▼

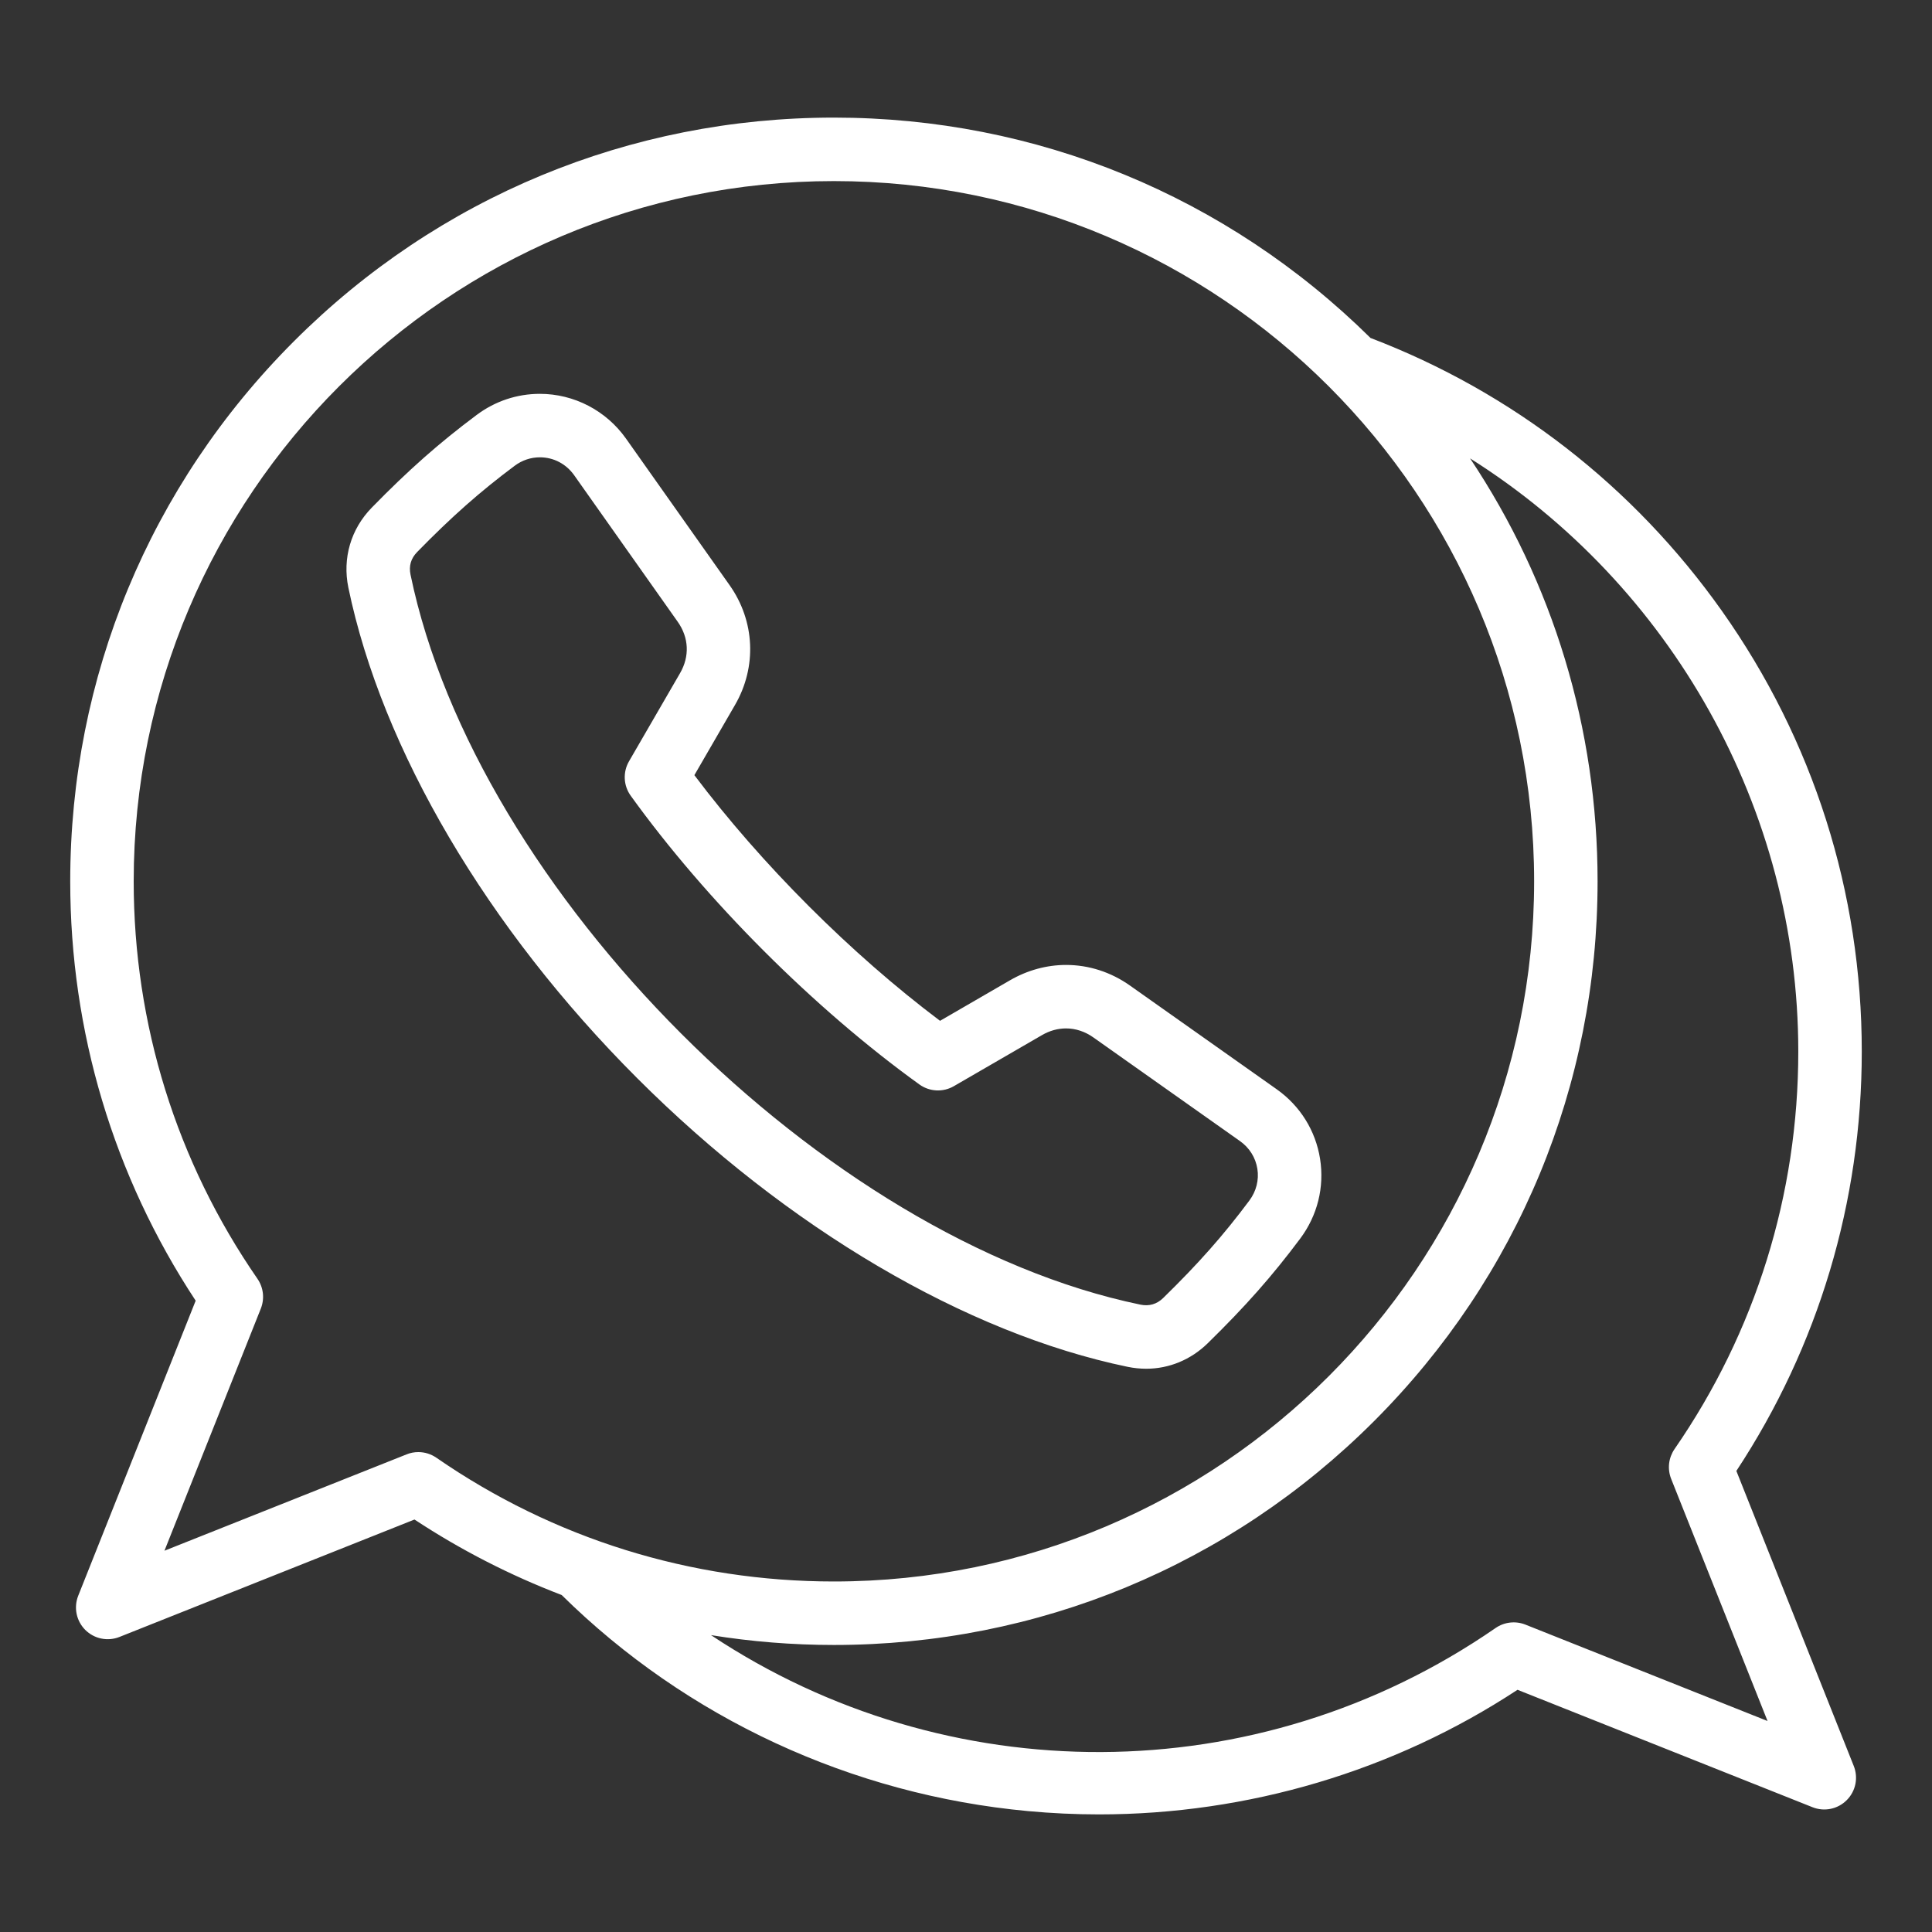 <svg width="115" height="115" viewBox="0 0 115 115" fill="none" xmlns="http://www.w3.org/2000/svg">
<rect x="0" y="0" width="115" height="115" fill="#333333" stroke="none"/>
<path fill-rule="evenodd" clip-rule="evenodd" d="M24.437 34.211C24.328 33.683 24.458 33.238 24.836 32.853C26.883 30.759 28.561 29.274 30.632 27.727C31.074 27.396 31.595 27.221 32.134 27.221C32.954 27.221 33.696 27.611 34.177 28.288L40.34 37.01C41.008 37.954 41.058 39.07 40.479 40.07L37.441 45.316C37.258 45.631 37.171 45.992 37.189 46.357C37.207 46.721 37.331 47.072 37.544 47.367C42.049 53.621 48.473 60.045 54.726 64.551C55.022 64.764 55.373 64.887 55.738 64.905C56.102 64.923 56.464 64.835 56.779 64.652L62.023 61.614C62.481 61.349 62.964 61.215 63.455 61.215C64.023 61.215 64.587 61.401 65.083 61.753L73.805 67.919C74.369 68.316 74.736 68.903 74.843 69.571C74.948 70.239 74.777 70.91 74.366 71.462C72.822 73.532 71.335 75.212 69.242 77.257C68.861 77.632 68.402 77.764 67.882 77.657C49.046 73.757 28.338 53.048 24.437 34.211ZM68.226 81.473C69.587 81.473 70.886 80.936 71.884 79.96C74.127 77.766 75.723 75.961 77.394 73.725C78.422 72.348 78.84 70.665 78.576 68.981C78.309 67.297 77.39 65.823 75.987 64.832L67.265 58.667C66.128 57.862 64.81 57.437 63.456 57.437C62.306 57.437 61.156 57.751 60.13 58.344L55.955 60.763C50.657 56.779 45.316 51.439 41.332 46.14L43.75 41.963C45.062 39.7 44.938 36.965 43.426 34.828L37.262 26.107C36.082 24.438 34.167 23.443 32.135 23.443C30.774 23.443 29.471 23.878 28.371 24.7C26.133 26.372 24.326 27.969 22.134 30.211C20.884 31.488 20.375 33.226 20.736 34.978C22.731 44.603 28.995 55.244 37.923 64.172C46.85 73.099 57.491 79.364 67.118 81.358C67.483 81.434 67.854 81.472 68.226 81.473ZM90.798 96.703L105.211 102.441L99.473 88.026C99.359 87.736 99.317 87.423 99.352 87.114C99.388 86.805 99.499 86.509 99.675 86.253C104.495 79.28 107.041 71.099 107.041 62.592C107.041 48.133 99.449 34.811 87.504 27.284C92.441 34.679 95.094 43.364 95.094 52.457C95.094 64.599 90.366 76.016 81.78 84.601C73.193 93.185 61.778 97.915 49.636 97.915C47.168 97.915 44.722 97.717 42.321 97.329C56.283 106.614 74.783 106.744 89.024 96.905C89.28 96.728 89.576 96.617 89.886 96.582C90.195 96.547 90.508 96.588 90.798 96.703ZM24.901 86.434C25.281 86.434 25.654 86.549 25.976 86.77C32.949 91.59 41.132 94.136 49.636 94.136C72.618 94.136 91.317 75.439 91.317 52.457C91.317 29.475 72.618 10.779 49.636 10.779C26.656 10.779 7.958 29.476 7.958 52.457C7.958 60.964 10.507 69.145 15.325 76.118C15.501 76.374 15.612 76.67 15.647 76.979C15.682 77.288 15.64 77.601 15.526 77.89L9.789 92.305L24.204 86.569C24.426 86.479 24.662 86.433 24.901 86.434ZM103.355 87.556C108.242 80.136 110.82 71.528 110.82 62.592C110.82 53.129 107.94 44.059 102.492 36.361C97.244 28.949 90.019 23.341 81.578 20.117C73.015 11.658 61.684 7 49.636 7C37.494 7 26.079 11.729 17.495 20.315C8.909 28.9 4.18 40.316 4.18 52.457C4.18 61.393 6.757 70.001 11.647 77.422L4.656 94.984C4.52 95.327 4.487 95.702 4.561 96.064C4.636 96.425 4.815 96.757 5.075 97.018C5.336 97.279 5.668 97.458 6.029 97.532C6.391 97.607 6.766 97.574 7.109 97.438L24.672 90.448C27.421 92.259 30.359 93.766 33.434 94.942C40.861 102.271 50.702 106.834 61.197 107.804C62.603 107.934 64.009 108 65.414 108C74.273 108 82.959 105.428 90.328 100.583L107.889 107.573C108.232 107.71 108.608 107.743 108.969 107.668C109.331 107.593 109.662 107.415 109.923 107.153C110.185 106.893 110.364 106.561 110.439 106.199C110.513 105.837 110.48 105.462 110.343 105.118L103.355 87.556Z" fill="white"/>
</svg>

▲
▼

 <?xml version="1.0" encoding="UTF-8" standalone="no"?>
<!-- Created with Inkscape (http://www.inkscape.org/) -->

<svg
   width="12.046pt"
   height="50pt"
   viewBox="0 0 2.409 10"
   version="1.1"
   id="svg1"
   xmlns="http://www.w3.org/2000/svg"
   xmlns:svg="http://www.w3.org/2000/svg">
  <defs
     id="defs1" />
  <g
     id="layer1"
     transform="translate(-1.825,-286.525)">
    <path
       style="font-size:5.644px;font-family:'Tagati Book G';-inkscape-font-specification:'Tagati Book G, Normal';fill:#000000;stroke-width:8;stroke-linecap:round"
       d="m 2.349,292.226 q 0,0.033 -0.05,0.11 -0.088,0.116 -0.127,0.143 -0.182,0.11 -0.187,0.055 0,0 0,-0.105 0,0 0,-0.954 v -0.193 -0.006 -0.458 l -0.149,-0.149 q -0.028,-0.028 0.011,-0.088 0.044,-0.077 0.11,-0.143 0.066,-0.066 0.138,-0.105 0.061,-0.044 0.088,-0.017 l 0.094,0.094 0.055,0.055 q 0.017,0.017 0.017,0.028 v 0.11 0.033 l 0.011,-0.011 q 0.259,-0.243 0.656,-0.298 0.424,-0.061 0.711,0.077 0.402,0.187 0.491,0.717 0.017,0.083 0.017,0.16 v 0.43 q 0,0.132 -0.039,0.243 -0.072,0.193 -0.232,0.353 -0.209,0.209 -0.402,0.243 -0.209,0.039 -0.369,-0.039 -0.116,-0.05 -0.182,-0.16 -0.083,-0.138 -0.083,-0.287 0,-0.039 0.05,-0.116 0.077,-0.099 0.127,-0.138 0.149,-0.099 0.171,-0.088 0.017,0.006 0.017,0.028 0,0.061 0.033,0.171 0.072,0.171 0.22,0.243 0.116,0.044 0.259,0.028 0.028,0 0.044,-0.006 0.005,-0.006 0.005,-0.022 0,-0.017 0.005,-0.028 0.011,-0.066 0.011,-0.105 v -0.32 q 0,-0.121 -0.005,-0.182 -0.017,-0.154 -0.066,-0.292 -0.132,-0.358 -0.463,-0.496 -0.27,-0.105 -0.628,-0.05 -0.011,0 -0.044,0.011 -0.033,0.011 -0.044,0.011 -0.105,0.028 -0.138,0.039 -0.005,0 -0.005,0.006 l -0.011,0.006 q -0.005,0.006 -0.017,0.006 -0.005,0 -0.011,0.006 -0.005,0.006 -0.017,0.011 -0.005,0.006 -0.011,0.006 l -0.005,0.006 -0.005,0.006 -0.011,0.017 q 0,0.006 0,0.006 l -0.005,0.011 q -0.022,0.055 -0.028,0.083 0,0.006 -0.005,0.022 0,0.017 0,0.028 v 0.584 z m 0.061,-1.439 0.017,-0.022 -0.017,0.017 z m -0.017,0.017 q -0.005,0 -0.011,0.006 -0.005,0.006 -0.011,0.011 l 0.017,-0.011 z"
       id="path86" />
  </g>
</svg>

▲

Reproduce each line from the listing above that includes the word "inkscape".

RESULT —
<!-- Created with Inkscape (http://www.inkscape.org/) -->
       style="font-size:5.644px;font-family:'Tagati Book G';-inkscape-font-specification:'Tagati Book G, Normal';fill:#000000;stroke-width:8;stroke-linecap:round"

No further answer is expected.